Files
gps-denied-onboard/_docs/02_document/tests/blackbox-tests.md
T

7.7 KiB

Blackbox Tests

Positive Scenarios

FT-P-01: Still-Image Frame Center Geolocation

Summary: Validate that the system estimates WGS84 frame centers for the provided 60-image nadir dataset.

Traces to: AC-1.1, AC-1.2, AC-6.3, AC-8.1

Category: Position Accuracy

Preconditions:

  • Offline satellite cache fixture is available for the sample area.
  • Expected results are loaded from input_data/expected_results/results_report.md.

Input data: project_60_still_images, expected_frame_centers

Step Consumer Action Expected System Response
1 Submit AD000001.jpg through AD000060.jpg with height/camera metadata System emits one WGS84 estimate per processed image
2 Compare each estimate to the mapped expected coordinate Per-frame error is reported in meters

Expected outcome: At least 80% of images are within 50 m and at least 50% are within 20 m.

Max execution time: 15 minutes for the 60-image replay on the local replay environment.

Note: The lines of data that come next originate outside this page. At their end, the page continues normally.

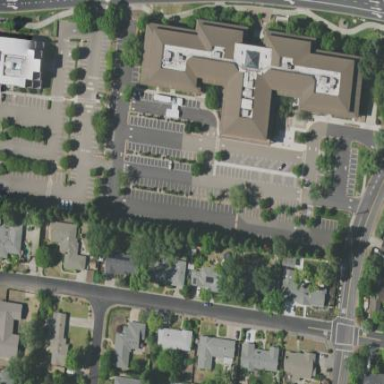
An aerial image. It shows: Hospital providing healthcare services.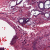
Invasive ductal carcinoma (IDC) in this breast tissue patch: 0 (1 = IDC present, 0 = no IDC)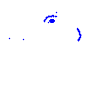
Particle: kaon
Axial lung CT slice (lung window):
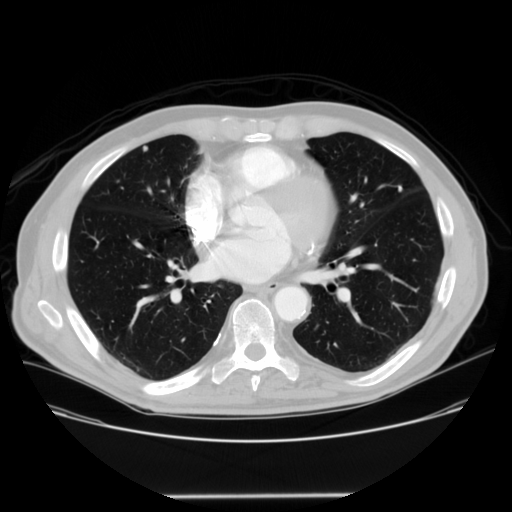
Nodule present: yes
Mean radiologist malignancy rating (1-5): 2
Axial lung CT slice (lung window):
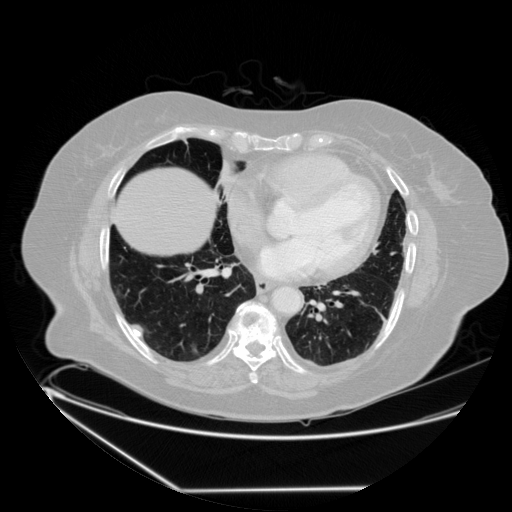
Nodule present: no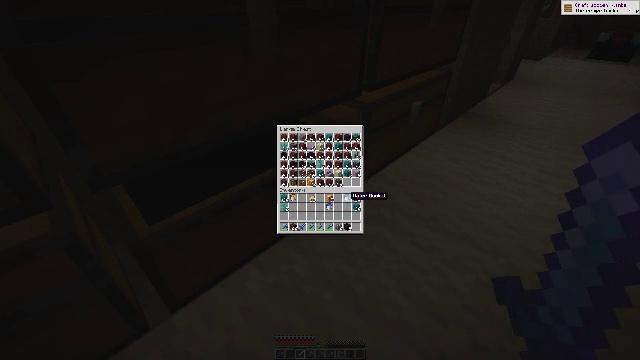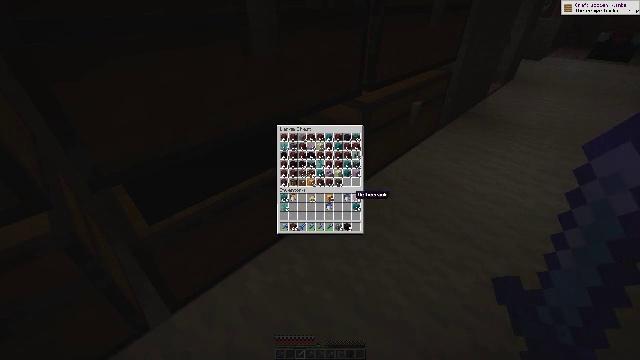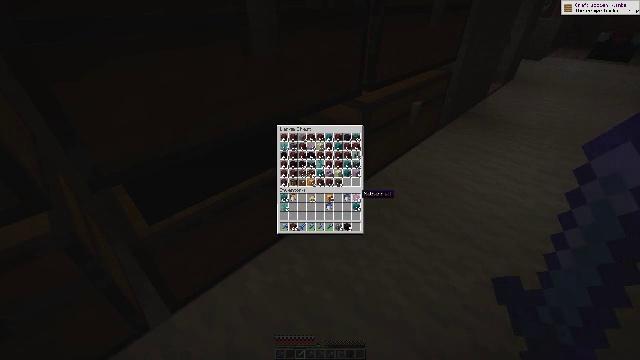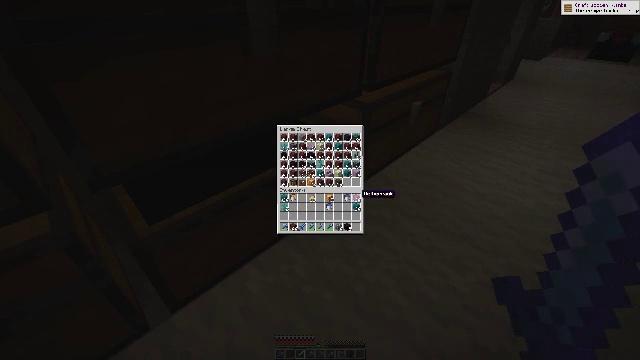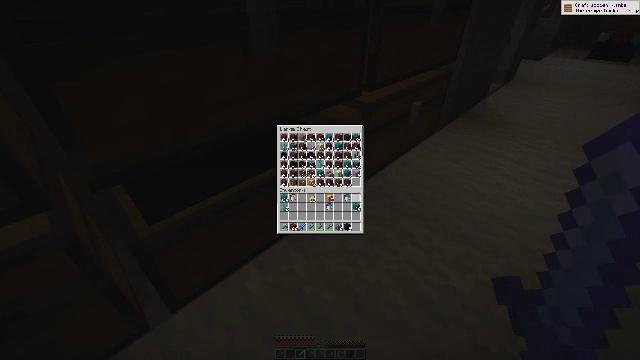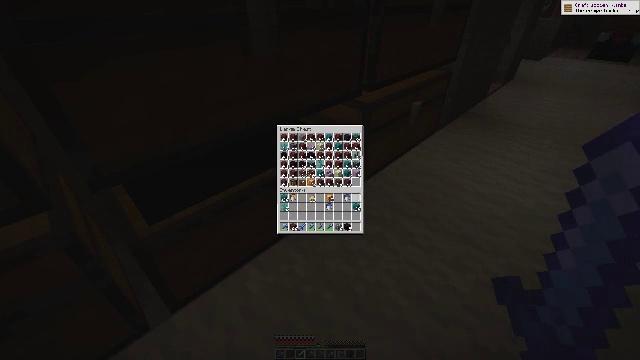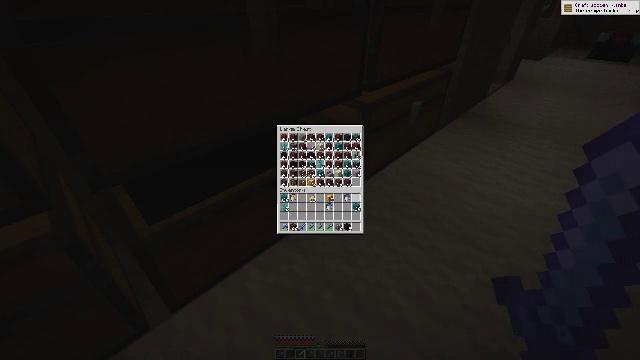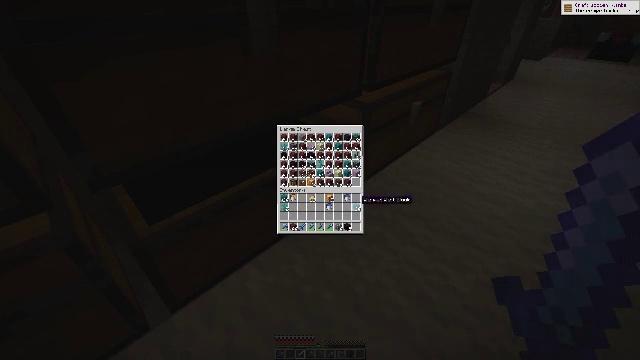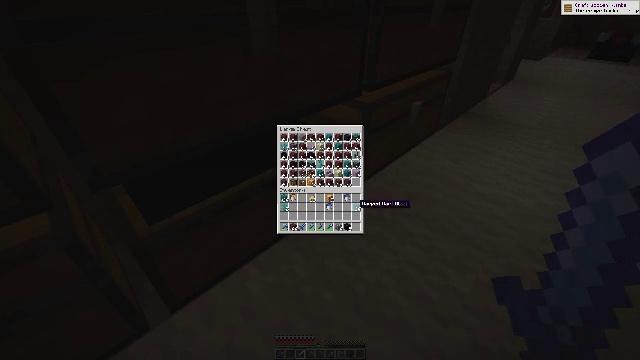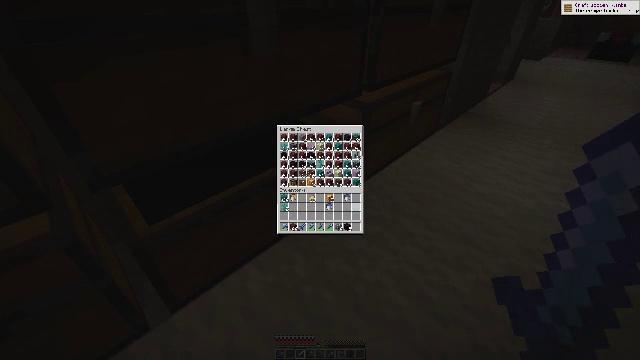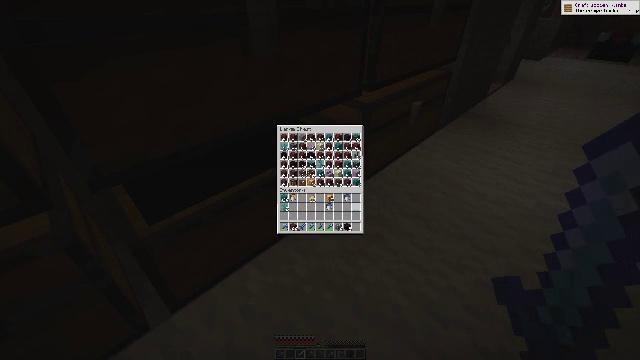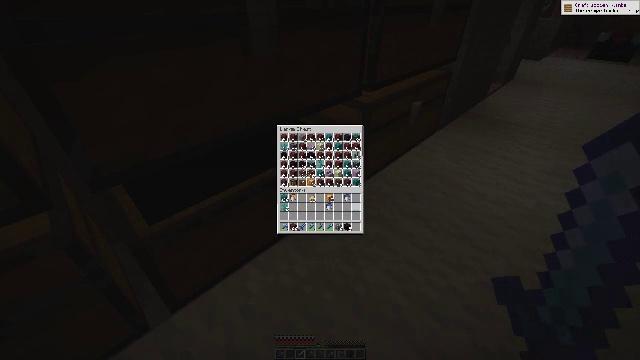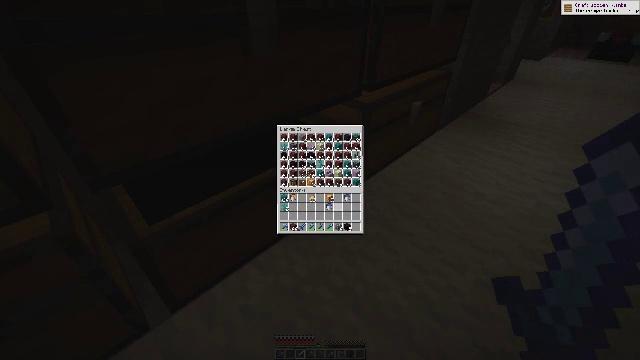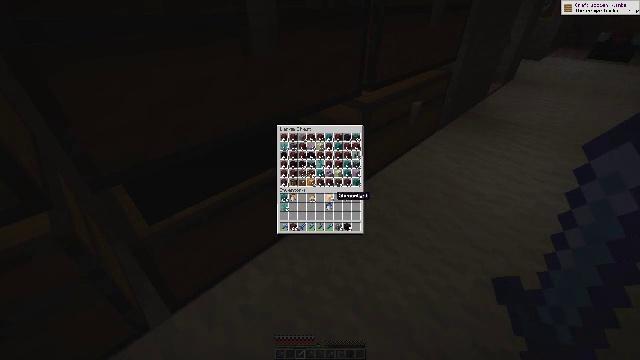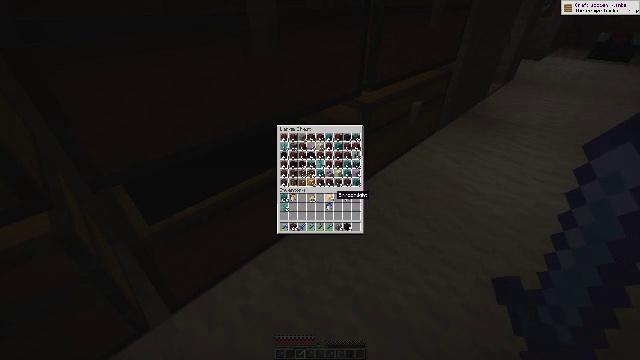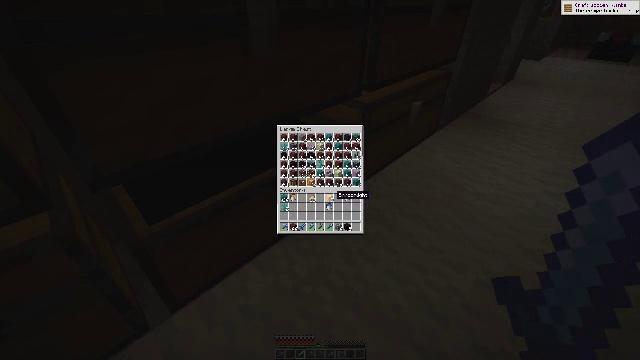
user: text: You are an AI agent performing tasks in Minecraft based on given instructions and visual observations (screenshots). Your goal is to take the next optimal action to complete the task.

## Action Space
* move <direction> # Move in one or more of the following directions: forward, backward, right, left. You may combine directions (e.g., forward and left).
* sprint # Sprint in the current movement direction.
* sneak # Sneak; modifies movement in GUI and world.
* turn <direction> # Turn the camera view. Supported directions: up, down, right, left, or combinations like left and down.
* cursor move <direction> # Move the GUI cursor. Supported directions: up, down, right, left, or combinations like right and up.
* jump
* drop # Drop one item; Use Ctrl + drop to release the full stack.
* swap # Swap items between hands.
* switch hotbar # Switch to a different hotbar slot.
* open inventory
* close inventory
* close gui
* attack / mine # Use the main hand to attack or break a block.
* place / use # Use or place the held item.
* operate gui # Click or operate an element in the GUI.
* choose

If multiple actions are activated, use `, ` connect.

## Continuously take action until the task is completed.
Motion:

FT-P-02: Position Confidence Output Contract

Summary: Validate that every emitted position estimate includes confidence and source-label fields required by the public contract.

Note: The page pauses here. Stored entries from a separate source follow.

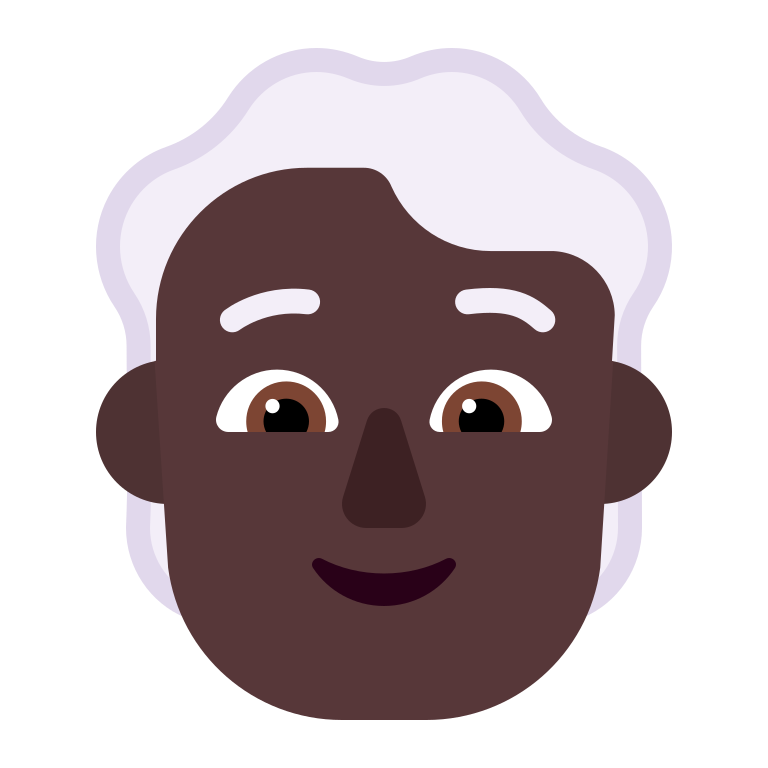
person white hair flat dark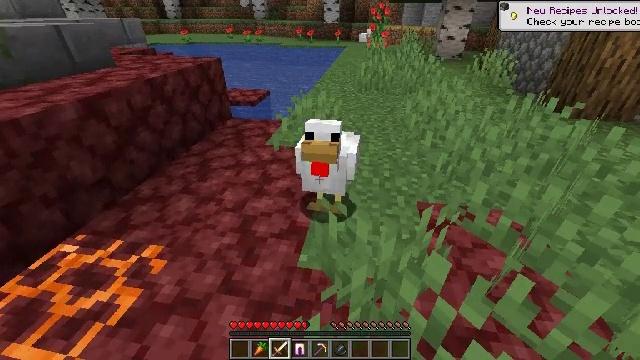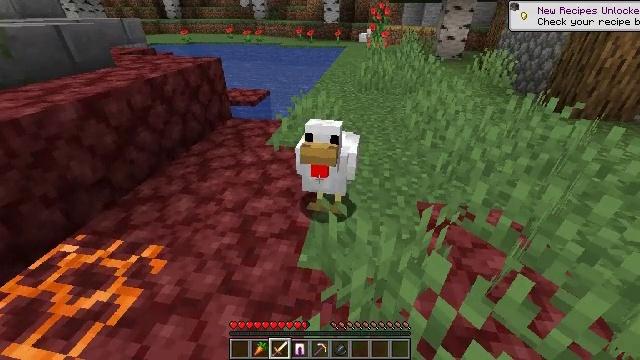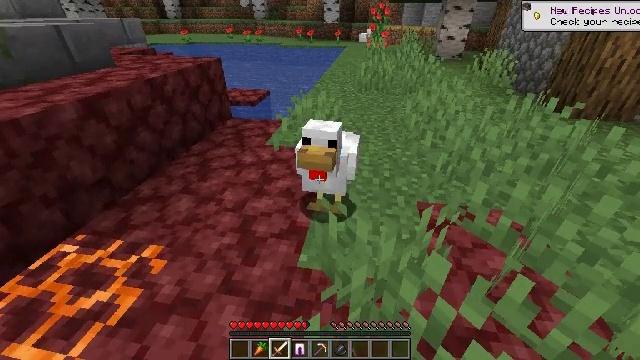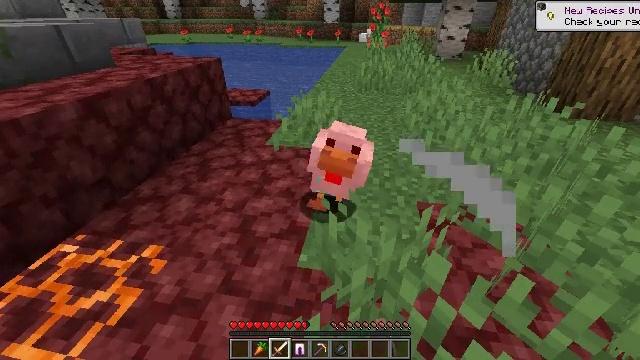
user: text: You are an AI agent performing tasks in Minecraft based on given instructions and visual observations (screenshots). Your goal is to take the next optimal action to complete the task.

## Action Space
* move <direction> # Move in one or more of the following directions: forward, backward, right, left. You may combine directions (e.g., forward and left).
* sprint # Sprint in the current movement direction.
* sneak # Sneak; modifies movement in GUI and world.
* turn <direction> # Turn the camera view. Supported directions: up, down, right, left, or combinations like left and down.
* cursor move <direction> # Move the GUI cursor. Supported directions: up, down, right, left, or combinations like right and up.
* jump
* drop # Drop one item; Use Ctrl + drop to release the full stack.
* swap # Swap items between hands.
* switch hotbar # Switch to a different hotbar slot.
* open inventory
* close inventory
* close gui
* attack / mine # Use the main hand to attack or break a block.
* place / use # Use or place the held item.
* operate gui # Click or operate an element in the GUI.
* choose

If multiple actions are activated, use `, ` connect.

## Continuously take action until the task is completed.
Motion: motion action
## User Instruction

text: Hunt a chicken.
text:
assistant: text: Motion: no_op
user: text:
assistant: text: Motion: no_op
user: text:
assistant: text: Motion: no_op
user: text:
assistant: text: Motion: no_op
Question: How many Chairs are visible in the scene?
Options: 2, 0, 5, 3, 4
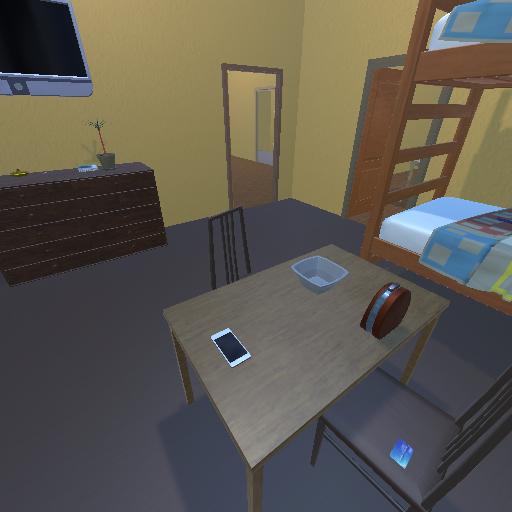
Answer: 2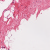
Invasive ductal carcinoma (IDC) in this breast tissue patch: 0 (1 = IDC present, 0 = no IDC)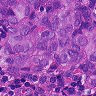
Metastatic tissue present: yes
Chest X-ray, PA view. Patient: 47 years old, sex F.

Traces to: AC-1.3, AC-1.4, AC-4.4, AC-4.5

Category: Position Confidence

Preconditions:

  • Same fixture setup as FT-P-01.

Input data: project_60_still_images, expected_frame_centers

Step Consumer Action Expected System Response
1 Submit the 60-image replay System emits estimates frame-by-frame, not batched
2 Inspect public output fields Each estimate contains WGS84 coordinate, 95% covariance semi-major axis, source label, and last_satellite_anchor_age_ms
3 Submit a later correction for a prior frame if available System emits updated estimate with timestamp and covariance without corrupting newer estimates

Expected outcome: 100% of emitted estimates include required confidence fields; no horiz_accuracy equivalent under-reports the 95% covariance semi-major axis.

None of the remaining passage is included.